ジェイソン・ビッグス、スティーヴン・ギレンホール
人気コメディーシリーズ『アメリカン・パイ』で名をはせたジェイソン・ビッグスと、あのジェイク・ギレンホールとマギー・ギレンホールの父親であるスティーヴン・ギレンホールに取材ということで、楽しみだった。まずは、ジェイソン・ビッグスから。今年は大統領選もあるということで、「(映画の公開が)パーフェクトなタイミングだね」と記者が言うと、ジェイソンは「大統領の共和党の有力候補ミット・ロムニーはめちゃくちゃな人だから、僕が代わりに立候補してオバマと対決するよ!」とジョークを飛ばして記者たちを笑わせた。だが、ひとたび政治の話となると真面目な顔になり、「ほとんどの人は個人でも(社会に)変化をもたらすことができるということに関して無知なんだ。そんな個人が(社会を)変化させていくのが、この草の根政治(民衆の日常的な政治参加によって支えられた現代の民主主義のありかた)なんだ」と熱弁を振るった。さらに監督のスティーヴン・ギレンホールは各地で行われたこの映画の試写会に、ある都市の市議会議員候補を招待していたそうで、映画観賞後に現在の政治に関する議論を交わし、その後議員候補と共にコーヒーを飲みに行ったそうだ。ジェイソンが演じた実在の人物フィル・キャンベルについては、「フィルのモデルとなったグラント・コグスウェルとは対照的に、控えめで落ち着いた人。映画の舞台はシアトルだけど、今はニューヨークに住んでいるよ」とのこと。シリアスな題材であるものの、監督のスティーヴンはコメディー調に描き、これまでの派手で大げさな演技とは違った、控えめな演技をさせてくれたそうで、「どんなシチュエーションでもコメディーの要素を探しながら演じていたんだ」と話した。

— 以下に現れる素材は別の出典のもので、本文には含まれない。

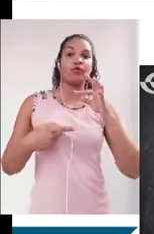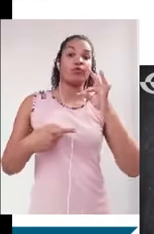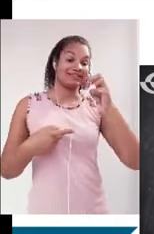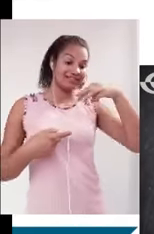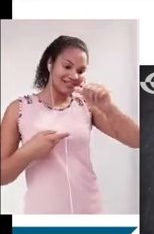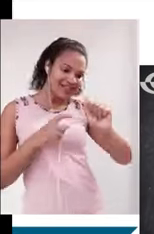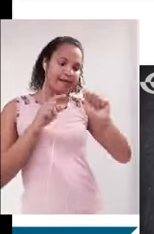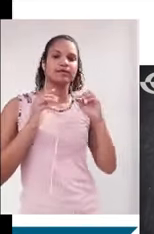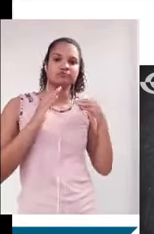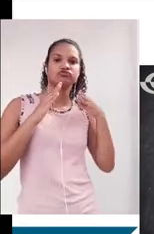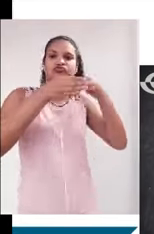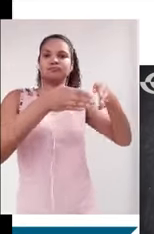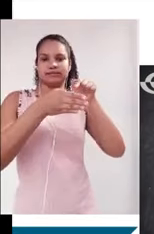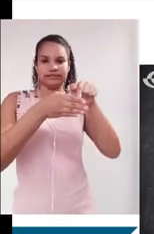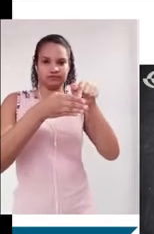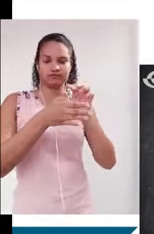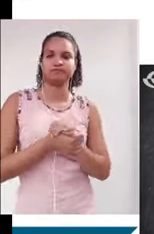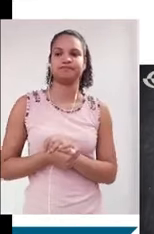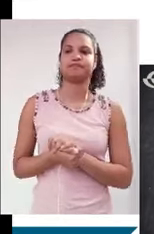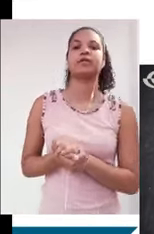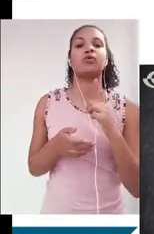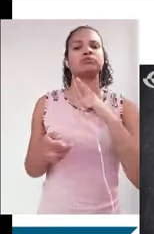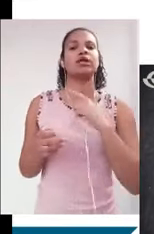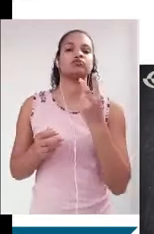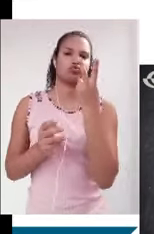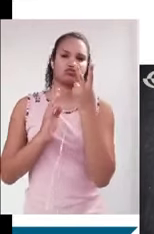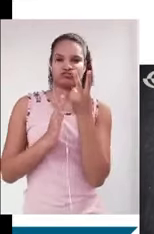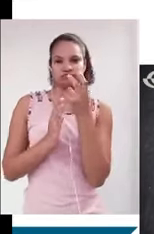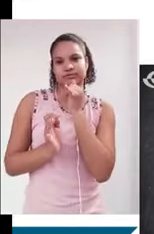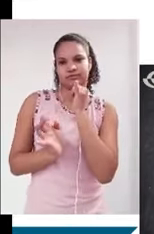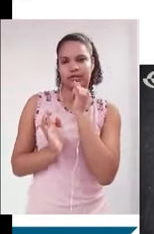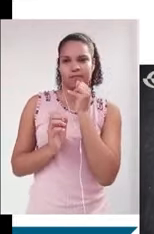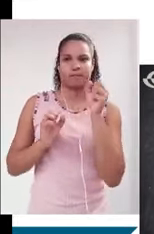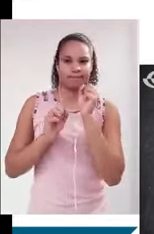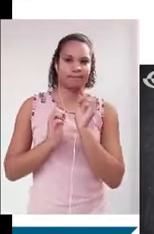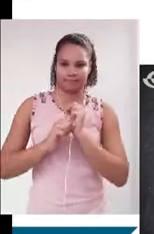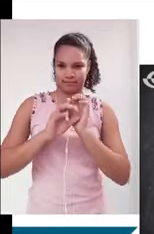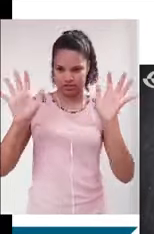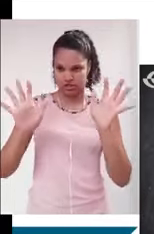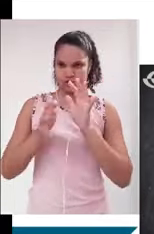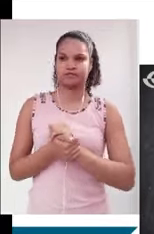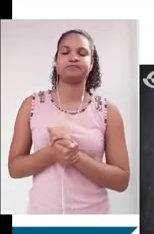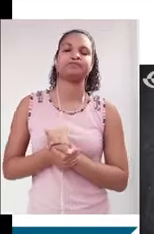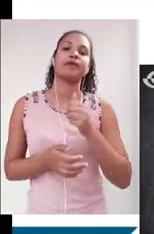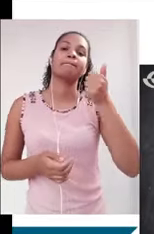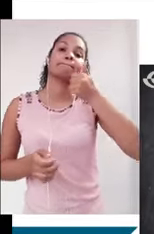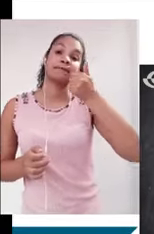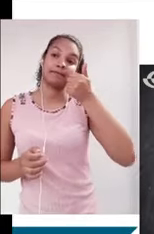específico. E para ilustrar isso, eu trouxe dois exemplos para que vocês consigam concretizar isso com um pouco mais de clareza. Vamos lá. O primeiro assunto

続いて、スティーヴン・ギレンホール監督。確かに笑顔は、どこかジェイク・ギレンホールに似ている気がした。まず最初に、劇中に登場する911同時多発テロの映像について聞かれると、「911同時多発テロを扱った映画の大概はオフィスやビルを描いた映像が多く出てくるけど、実際には多くの人たちはあの惨事をテレビで観ていたと思うんだ。だから、この映画を観た人は生々しい衝撃を体感することになるだろうし、胸が突き刺されるような感覚を覚えると思う」と熱く語った。ただ、製作資金の投資者の中には、この映像に反対した者もいたそうだ。スティーヴンは、政治家ジョージ・マクガヴァンの選挙活動を手伝ったこともあり、常に政治に興味を持っていたらしいが、フェデリコ・フェリーニの映画に感銘を受けて、映画制作への道に進路を変えたのだとか。主演のジェイソン・ビッグスについては、『アメリカン・パイ』シリーズしかり、ふざけたキャラクターを演じることが多いが、シリアスな役もできることを証明したかったのだという。最後に、「映画に子どものジェイクやマギーをキャスティングすることは考えなかったのか?」という問いには、「彼らが若い頃は2、3本僕の作品に出演していたけど、強制的に出演させたことはなかった。それに、彼らが一定の年齢に達したら共に仕事をするのはやめようと思っていたんだ」と締めくくった。